(13 years, 3 months ago)
Lords Chamber My Lords, as a member of the night shift, I will inevitably cover issues already eloquently discussed by other noble Lords, but I shall do so by focusing on some of the Bill’s gender implications and drawing on the work of the Women’s Budget Group, of which I am a member.
First, simplification is one of the main aims of the Bill and has long been the holy grail of social security reform. The Bill bears out an earlier warning from the Social Security Advisory Committee that there is a limit to the simplification that is possible with means-tested benefits. The closer we study it, the more we see how new complexities spring up, hydra-like. While the Minister may be a self-styled revolutionary, in the words of my noble friend Lady Sherlock, I fear that he is no Heracles. Where universal credit represents a welcome breakthrough is in the integration of in-work and out-of-work support, thereby potentially reducing the insecurities associated with the transition into and out of paid work. That is very important. That is about the only positive thing I am going to say, I am afraid.
Means-testing will be extended as a result of the arbitrary time-limiting of employment and support allowance for those in the work-related activity group. A disabled woman who has written to me—one of many—voicing her fears about the Bill’s overall impact on sick and disabled people, asks, “What do we do then?”. The Government’s answer is: claim income-related ESA. However, 34 per cent of men and 46 per cent of women affected will not be eligible. Where they have to depend on a working partner instead, their financial autonomy will be eroded. This matters to people. Indeed, Professor Roy Sainsbury told the Public Bill Committee in the other place that in research with claimants,
“individual assessment spontaneously arose as a thing that people were very keen on”.—[Official Report, Commons, Welfare Reform Bill Committee, 23/3/11; col. 16.]

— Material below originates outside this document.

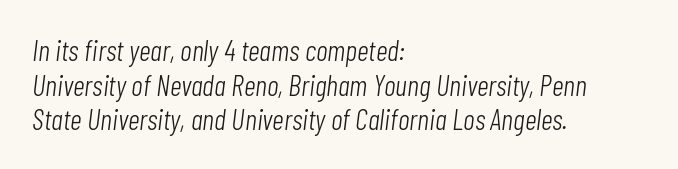
The image shows 29 px light, condensed type, italic (leaning right); set left-aligned, line spacing 1.19x, normal letter spacing, not underlined; low stroke contrast and a medium x-height.

Women’s financial autonomy is also likely to be eroded as a result of measures that reduce incentives for some second earners, as my noble friend Lady Hollis of Heigham has already talked about. A new separate earnings disregard for second earners would go some way towards addressing this and I would welcome the Minister’s views on that possibility.

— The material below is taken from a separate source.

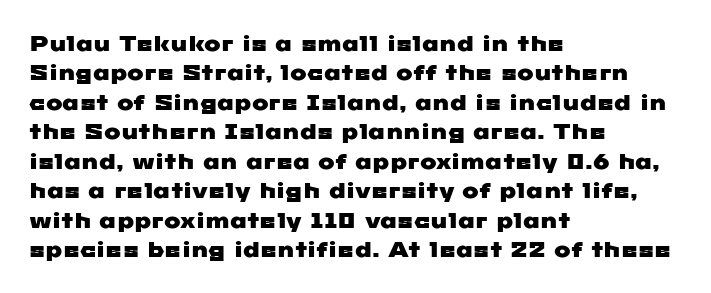
{"underline": "no", "align": "left", "line_spacing": "normal", "line_spacing_ratio": 1.34, "letter_spacing": "normal", "letter_spacing_em": 0.0, "glyph_px": 22}

We should also note Carers UK’s concerns about the loss of a bespoke disregard for carers. Furthermore, we still do not know what is proposed for childcare costs, which is one of many gaping holes in the Bill that must be filled before Committee. The attempt to fit a childcare quart into a funding pint pot will aggravate the work disincentive for second earners and lone parents, as we have already heard. The disincentives faced by many second earners will encourage what we academics call a male breadwinner model. This sits uneasily with the Government’s very welcome goal of encouraging shared parenting. It is also very short-sighted from a dynamic perspective. If a woman is in paid work while living with a partner, she is better equipped to remain in the labour market should that relationship break down.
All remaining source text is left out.